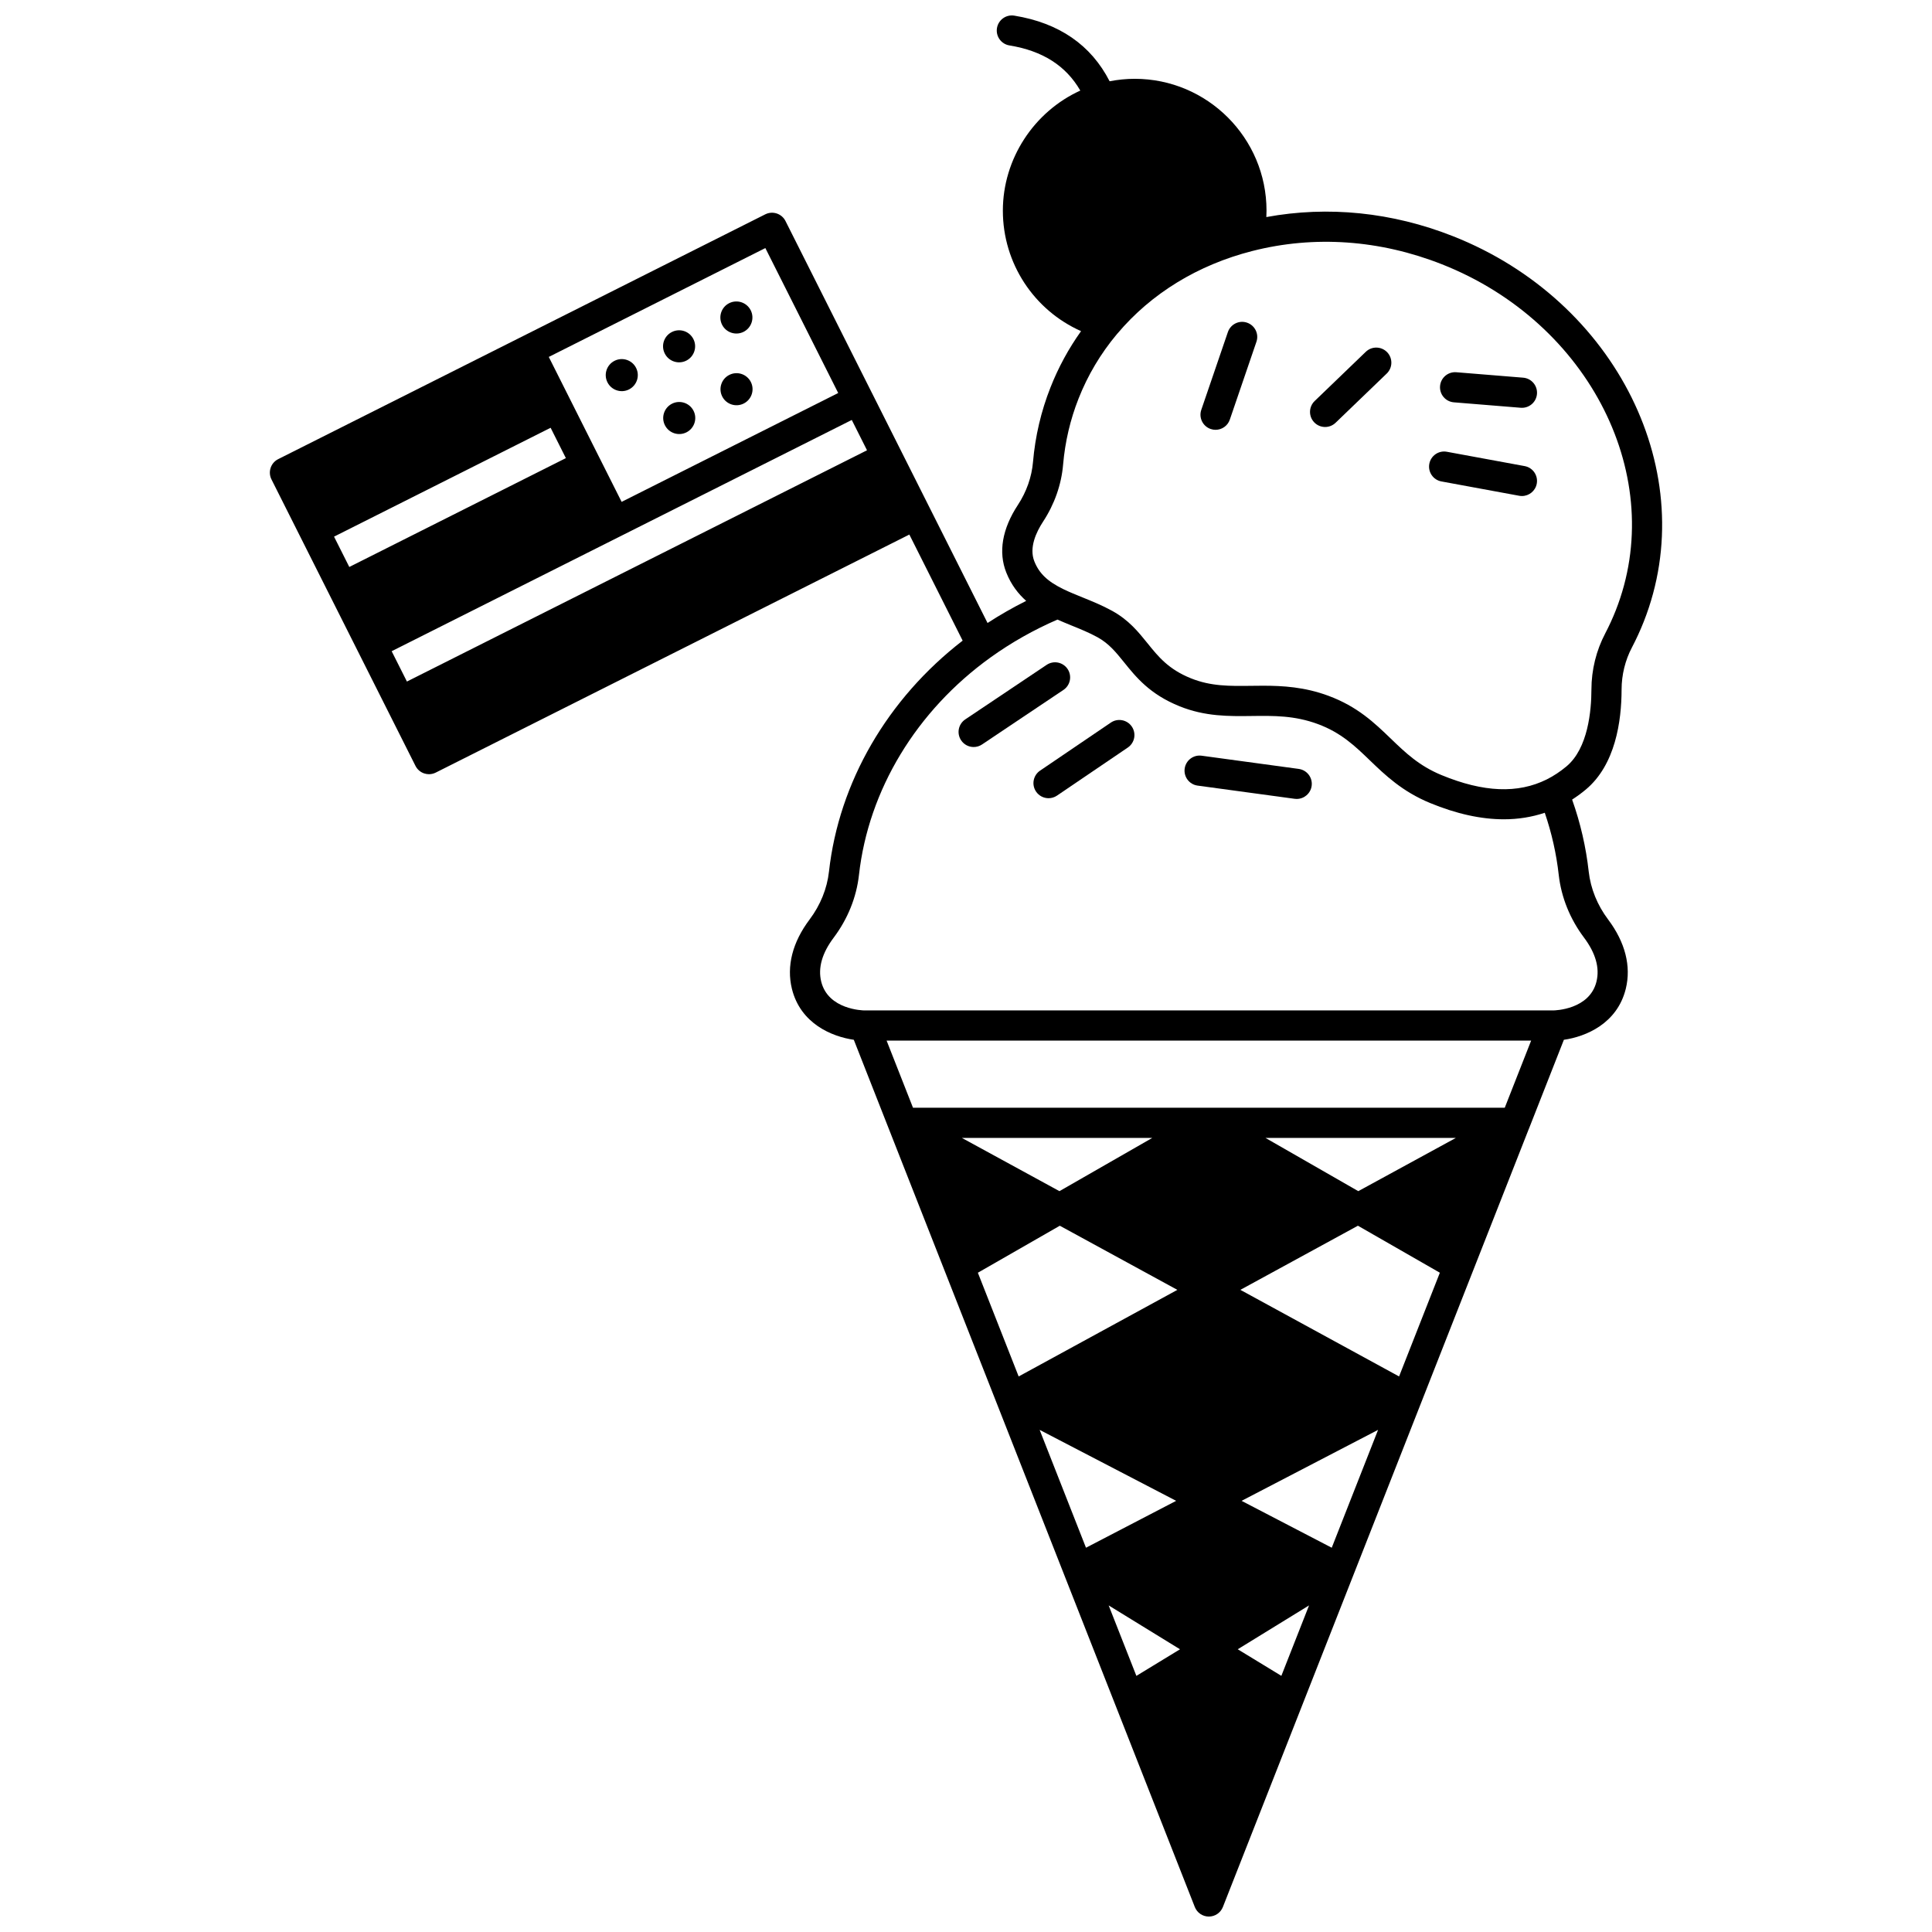 <?xml version="1.0" encoding="UTF-8"?>
<!-- Uploaded to: ICON Repo, www.svgrepo.com, Generator: ICON Repo Mixer Tools -->
<svg width="800px" height="800px" version="1.1" viewBox="144 144 512 512" xmlns="http://www.w3.org/2000/svg">
 <defs>
  <clipPath id="a">
   <path d="m215 148.09h370v503.81h-370z"/>
  </clipPath>
 </defs>
 <path d="m337.28 243.35c-2.098 1.051-2.938 3.609-1.891 5.707 1.051 2.09 3.609 2.938 5.707 1.879 2.09-1.051 2.938-3.598 1.891-5.699-1.059-2.098-3.606-2.945-5.707-1.887z"/>
 <path d="m341.06 231.94c2.09-1.059 2.938-3.609 1.891-5.707-1.059-2.098-3.609-2.938-5.707-1.891-2.098 1.051-2.938 3.609-1.891 5.707 1.047 2.09 3.606 2.941 5.707 1.891z"/>
 <path d="m322.1 250.98c-2.098 1.059-2.949 3.609-1.891 5.707 1.051 2.098 3.609 2.938 5.699 1.891 2.098-1.051 2.949-3.609 1.891-5.707-1.051-2.094-3.609-2.941-5.699-1.891z"/>
 <path d="m325.88 239.57c2.09-1.051 2.938-3.609 1.879-5.707-1.051-2.09-3.598-2.938-5.699-1.879-2.098 1.051-2.949 3.598-1.891 5.699 1.051 2.094 3.609 2.945 5.711 1.887z"/>
 <path d="m310.68 247.21c2.098-1.059 2.949-3.609 1.891-5.707-1.051-2.098-3.609-2.938-5.699-1.891-2.098 1.051-2.949 3.609-1.891 5.707 1.051 2.09 3.609 2.941 5.699 1.891z"/>
 <g clip-path="url(#a)">
  <path d="m529.05 206.59c-16.133-6.367-33.109-8.078-49.457-5.066 0.027-0.566 0.047-1.133 0.047-1.703 0-19.266-15.672-34.938-34.938-34.938-2.25 0-4.469 0.234-6.644 0.652-4.91-9.605-13.383-15.457-25.262-17.391-2.18-0.355-4.234 1.125-4.59 3.305-0.355 2.18 1.125 4.234 3.305 4.59 8.785 1.43 14.961 5.363 18.781 11.961-12.277 5.594-20.523 18.086-20.523 31.824 0 13.992 8.281 26.402 20.723 31.93-3.305 4.629-6.023 9.633-8.109 14.934-2.484 6.289-4.039 12.926-4.625 19.727-0.336 3.977-1.723 7.926-4.016 11.414-4.144 6.309-5.211 12.492-3.074 17.879 1.301 3.277 3.203 5.691 5.281 7.531-3.531 1.762-6.949 3.719-10.238 5.859l-15.375-30.598-3.141-6.246v-0.004l-12.121-24.109c-0.004-0.004-0.004-0.008-0.004-0.012-0.004-0.004-0.004-0.008-0.008-0.008l-22.895-45.543c-0.992-1.973-3.394-2.769-5.367-1.777l-129.08 64.875c-0.949 0.477-1.668 1.309-2 2.316-0.332 1.008-0.254 2.106 0.223 3.055l38.164 75.918c0.477 0.949 1.309 1.668 2.316 2 0.41 0.137 0.832 0.203 1.258 0.203 0.617 0 1.234-0.145 1.797-0.426l125.51-63.082 14.125 28.113c-19.93 15.395-32.785 37.52-35.426 61.203-0.496 4.492-2.273 8.887-5.137 12.699-4.531 6.016-6.152 12.359-4.688 18.355 2.269 9.234 10.59 12.684 16.406 13.52l90.367 229.82c0.602 1.531 2.078 2.535 3.719 2.535 1.645 0 3.121-1.004 3.723-2.535l21.164-53.828c0.016-0.035 0.027-0.074 0.043-0.113l45.066-114.62c0.004-0.008 0.008-0.016 0.012-0.027l14.746-37.5c0.039-0.082 0.078-0.168 0.109-0.254l9.227-23.477c5.812-0.832 14.133-4.281 16.406-13.516 1.469-5.973-0.145-12.316-4.676-18.355-2.859-3.797-4.641-8.191-5.148-12.699-0.719-6.496-2.199-12.898-4.398-19.086 1.25-0.805 2.469-1.691 3.641-2.672 7.805-6.535 9.457-18.023 9.469-26.508 0.008-3.894 0.957-7.75 2.754-11.16 1.16-2.215 2.215-4.519 3.137-6.856 15.461-39.207-7.227-85.012-50.574-102.11zm-239.13 50.773 4.043 8.043-57.395 28.848-4.043-8.039zm79.809-2.07 4.039 8.035-121.93 61.289-4.043-8.039zm-22.902-45.551 19.309 38.41-57.398 28.848-5.824-11.586c-0.004-0.008-0.008-0.016-0.012-0.027-0.004-0.008-0.012-0.016-0.016-0.023l-13.453-26.773zm78.035 259.09 31.152 16.996-42.059 22.949-10.809-27.488zm30.832 72.906-23.895 12.426-12.281-31.234zm1.02 39.34c-5.699 3.488-9.293 5.676-11.562 7.047l-7.344-18.672c5.352 3.293 12.176 7.492 18.906 11.625zm26.859 7.039c-3.043-1.84-7.445-4.527-11.559-7.043 6.727-4.133 13.551-8.332 18.898-11.625zm13.352-33.953-23.895-12.426 36.176-18.809zm17.844-45.391-42.059-22.949 31.152-16.996 21.715 12.457zm-10.809-49.105-24.59-14.105h50.445zm-79.195 0-25.852-14.105h50.445zm118.01-22.105h-156.82l-6.996-17.793h170.81zm24.312-33.441c-1.832 7.461-11.059 7.648-11.469 7.652h-182.52c-0.395-0.004-9.637-0.184-11.469-7.648-0.887-3.629 0.227-7.547 3.312-11.645 3.723-4.961 6.039-10.711 6.695-16.621 2.512-22.508 15.223-43.516 34.887-57.645 5.488-3.941 11.445-7.305 17.715-10.02 1.207 0.531 2.418 1.039 3.613 1.523 2.352 0.953 4.789 1.938 7 3.156 3.023 1.664 4.883 3.969 7.039 6.641 3.199 3.969 6.824 8.469 14.695 11.648 6.789 2.742 13.07 2.66 19.145 2.582 5.832-0.074 11.336-0.148 17.512 2.137 6.168 2.281 9.871 5.848 13.789 9.625 4.012 3.863 8.559 8.246 15.941 11.293 6.977 2.879 13.512 4.32 19.559 4.32 3.812 0 7.43-0.586 10.848-1.73 1.832 5.352 3.082 10.871 3.703 16.473 0.668 5.934 2.988 11.68 6.703 16.617 3.074 4.109 4.188 8.023 3.297 11.641zm5.102-98.355c-0.816 2.07-1.754 4.117-2.777 6.074-2.391 4.539-3.656 9.68-3.668 14.863-0.008 5.555-0.875 15.594-6.602 20.387-1.66 1.387-3.422 2.551-5.227 3.457-7.66 3.82-16.785 3.445-27.887-1.137-5.981-2.469-9.605-5.965-13.445-9.664-4.34-4.18-8.824-8.5-16.562-11.363-6.301-2.332-12.078-2.66-17.305-2.66-1.051 0-2.078 0.016-3.086 0.027-5.766 0.074-10.746 0.141-16.043-2-5.941-2.398-8.621-5.727-11.461-9.25-2.461-3.051-5.004-6.207-9.41-8.629-2.625-1.445-5.281-2.519-7.852-3.562-1.77-0.719-3.445-1.395-5.004-2.152-4.227-2.043-6.473-4.188-7.75-7.398-1.43-3.609 0.477-7.719 2.324-10.535 3.019-4.602 4.856-9.832 5.301-15.129 0.52-6.023 1.895-11.898 4.094-17.469 2.438-6.191 5.852-11.93 10.141-17.051 0.055-0.059 0.109-0.117 0.16-0.18 8.965-10.637 21.328-18.203 35.758-21.883 16.422-4.184 33.793-2.965 50.234 3.523 39.242 15.473 59.91 56.625 46.066 91.73z"/>
 </g>
 <path d="m488.18 347.77-25.73-3.5c-2.195-0.297-4.203 1.234-4.5 3.422s1.234 4.203 3.422 4.5l25.73 3.5c0.184 0.023 0.363 0.035 0.543 0.035 1.969 0 3.684-1.457 3.957-3.461 0.301-2.18-1.234-4.195-3.422-4.496z"/>
 <path d="m426.92 321.29c-1.23-1.836-3.715-2.324-5.547-1.094l-21.57 14.453c-1.836 1.23-2.324 3.711-1.094 5.547 0.77 1.152 2.035 1.773 3.324 1.773 0.766 0 1.539-0.219 2.223-0.68l21.57-14.453c1.832-1.23 2.324-3.715 1.094-5.547z"/>
 <path d="m438.39 335.49-18.762 12.734c-1.828 1.242-2.305 3.727-1.062 5.555 0.773 1.141 2.031 1.754 3.312 1.754 0.773 0 1.555-0.223 2.242-0.691l18.762-12.734c1.828-1.242 2.305-3.727 1.062-5.555-1.238-1.824-3.727-2.301-5.555-1.062z"/>
 <path d="m474.48 229.51c-2.09-0.719-4.363 0.398-5.078 2.488l-7.047 20.613c-0.715 2.09 0.398 4.363 2.488 5.078 0.43 0.148 0.863 0.215 1.293 0.215 1.664 0 3.215-1.043 3.781-2.707l7.047-20.613c0.723-2.086-0.395-4.359-2.484-5.074z"/>
 <path d="m505.95 237.23-13.555 13.047c-1.59 1.531-1.641 4.062-0.109 5.652 0.785 0.816 1.832 1.227 2.883 1.227 0.996 0 1.996-0.371 2.773-1.117l13.555-13.047c1.59-1.531 1.641-4.062 0.109-5.652-1.535-1.59-4.066-1.641-5.656-0.109z"/>
 <path d="m548.05 267.52-20.613-3.797c-2.176-0.402-4.258 1.035-4.656 3.207-0.398 2.172 1.035 4.258 3.207 4.656l20.613 3.797c0.246 0.047 0.488 0.066 0.73 0.066 1.891 0 3.574-1.348 3.926-3.273 0.402-2.172-1.035-4.258-3.207-4.656z"/>
 <path d="m529.29 250.62 17.715 1.441c0.109 0.008 0.219 0.012 0.328 0.012 2.062 0 3.812-1.582 3.981-3.676 0.18-2.199-1.461-4.129-3.66-4.309l-17.715-1.441c-2.199-0.176-4.129 1.461-4.309 3.66-0.18 2.207 1.461 4.137 3.66 4.312z"/>
</svg>

:: Problem to work on ::
Reproduce exactly the line containing "14.453c-1.836 1.23-2.324 3.711-1.094" and all lines after it through the end of the listing above; leave out every earlier line.

:: Expected answer ::
 <path d="m426.92 321.29c-1.23-1.836-3.715-2.324-5.547-1.094l-21.57 14.453c-1.836 1.23-2.324 3.711-1.094 5.547 0.77 1.152 2.035 1.773 3.324 1.773 0.766 0 1.539-0.219 2.223-0.68l21.57-14.453c1.832-1.23 2.324-3.715 1.094-5.547z"/>
 <path d="m438.39 335.49-18.762 12.734c-1.828 1.242-2.305 3.727-1.062 5.555 0.773 1.141 2.031 1.754 3.312 1.754 0.773 0 1.555-0.223 2.242-0.691l18.762-12.734c1.828-1.242 2.305-3.727 1.062-5.555-1.238-1.824-3.727-2.301-5.555-1.062z"/>
 <path d="m474.48 229.51c-2.09-0.719-4.363 0.398-5.078 2.488l-7.047 20.613c-0.715 2.09 0.398 4.363 2.488 5.078 0.43 0.148 0.863 0.215 1.293 0.215 1.664 0 3.215-1.043 3.781-2.707l7.047-20.613c0.723-2.086-0.395-4.359-2.484-5.074z"/>
 <path d="m505.95 237.23-13.555 13.047c-1.59 1.531-1.641 4.062-0.109 5.652 0.785 0.816 1.832 1.227 2.883 1.227 0.996 0 1.996-0.371 2.773-1.117l13.555-13.047c1.59-1.531 1.641-4.062 0.109-5.652-1.535-1.59-4.066-1.641-5.656-0.109z"/>
 <path d="m548.05 267.52-20.613-3.797c-2.176-0.402-4.258 1.035-4.656 3.207-0.398 2.172 1.035 4.258 3.207 4.656l20.613 3.797c0.246 0.047 0.488 0.066 0.73 0.066 1.891 0 3.574-1.348 3.926-3.273 0.402-2.172-1.035-4.258-3.207-4.656z"/>
 <path d="m529.29 250.62 17.715 1.441c0.109 0.008 0.219 0.012 0.328 0.012 2.062 0 3.812-1.582 3.981-3.676 0.18-2.199-1.461-4.129-3.66-4.309l-17.715-1.441c-2.199-0.176-4.129 1.461-4.309 3.66-0.18 2.207 1.461 4.137 3.66 4.312z"/>
</svg>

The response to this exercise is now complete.